Update: All classwork examples data files are now available directly from LMS on an excel sheet. This is in response to reports of issues in reading data off the google spreadsheet.

Hi all,

The previous blog-post introducing Session 8 modules can be found here. In this blog-post, I post R code required for classwork examples and links to the associated datasets.

Module 1. Hypothesis Testing

  • t-tests for differences
The Nike dataset is on this google spreadsheet starting cell B5.
## hypothesis testing
## Nike example

# read-in data
nike = read.table(file.choose(), header=TRUE)
dim(nike); summary(nike); nike[1:5,] # some summaries
attach(nike) # Call indiv columns by name

# Q is: "Is awareness for Nike (X, say) different from 3?” We first delete those rows that have a '0' in them as these were non-responses. Then we proceed with t-tests as usual.

# remove rows with zeros #
x1 = Awareness[(Awareness != 0)]
# test if x1's mean *significantly* differs from mu
t.test(x1, mu=3) # reset 'mu=' value as required.
This is the result I got:
To interpret, first recall the hypothesis. The null said:"mean awareness is no different from 3". However, the p-value of the t-test is well below 0.01. Thus, we reject the null with over 99% confidence and accept the alternative (H1: Mean awareness is significantly different from 3). Happily, pls notice that R states the alternative hypothesis in plain words as part of its output.

The second Q we had was:

# “Q: Does awareness for Nike exceed 4?”
# change 'mu=3' to 'mu=4' now
t.test(x1, mu=4, alternative=c("greater")) # one-sided test
The p-value I get is 0.2627. We can no longer reject the Null even at the 90% confidence level. Thus, we infer that mean awareness of 4.18 odd does *not* significantly exceed 4.

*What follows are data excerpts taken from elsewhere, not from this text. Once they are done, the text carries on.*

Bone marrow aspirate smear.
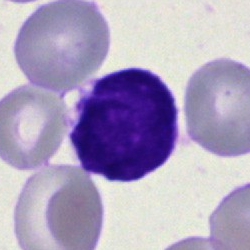

Morphology consistent with a lymphocyte.
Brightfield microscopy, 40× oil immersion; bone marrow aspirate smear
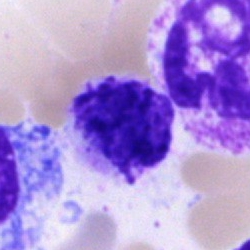 Specimen: bone marrow aspirate smear.
Cell type: artefact.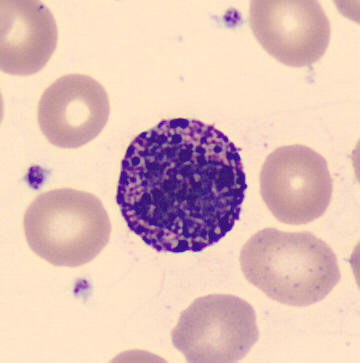

The cell shown is a basophilic granulocyte.
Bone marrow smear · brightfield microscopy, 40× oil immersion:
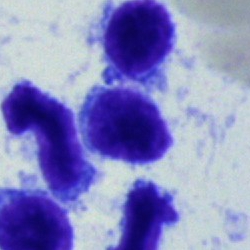

The cell shown is a lymphocyte.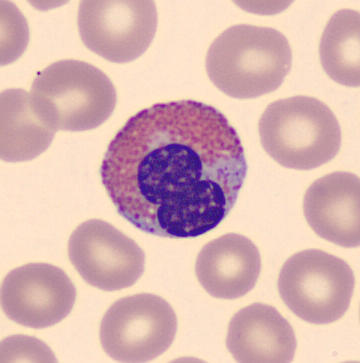 Identified as an eosinophil.

Preparation: Peripheral blood film.
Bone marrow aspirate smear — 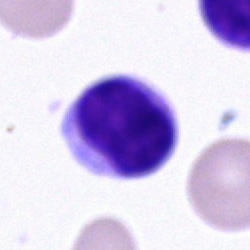Q: Identify the cell.
A: It is a lymphocyte.
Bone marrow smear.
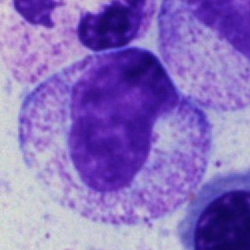

Morphological class = metamyelocyte.

Next Q was: "Does awareness for Nike in females (Xf, say) exceed that in males (Xm)?”

# first make the two vectors
xm = x1[(Gender==1)]
xf = x1[(Gender==2)]
# Alternative Hypothesis says xf '>' xm
t.test(xf, xm, alternative="greater")
In the code above, we specify for 'alternative=' whatever the alternative hypothesis says. In this case it said greater than, so we used "greater". Else we would have used "less".
The p-value is below 0.05. So we reject the Null at the 95% level. We accept the alternative that "xf at 5.18 significantly exceeds xm at 3.73".

  • chi.square-tests for Association
The data for this example is on the same google doc starting cell K5. Code for the first classwork example on Gender versus Internet Usage follows. First, let me state the hypotheses:
  • H0: "There is no systematic association between Gender and Internet Usage." . In other words, distribution of people we see in the 4 cells is a purely random phenomenon.
  • H1: "There is systematic association between Gender and Internet Usage."
# read in data WITHOUT headers
a1=read.table(file.choose()) # 2x2 matrix
a1 # view the data once
chisq.test(a1) # voila. Done!
This is the result I get:
Clearly, with a p-value of 0.1441, we can no longer reject the Null at even the 90% level. So we cannot infer any significant association between Gender and Internet Usage levels. The entire sample we had was 30 people large. Suppose we had a much bigger sample but a similar distribution across cells. Would the inference change? Let's find out.

Suppose we scaled up the previous matrix by 10. We will then have 300 people and a corresponding distribution in the four cells. But now, at this sample size, random variation can no longer explain the huge differences we will see between the different cells and the inference will change.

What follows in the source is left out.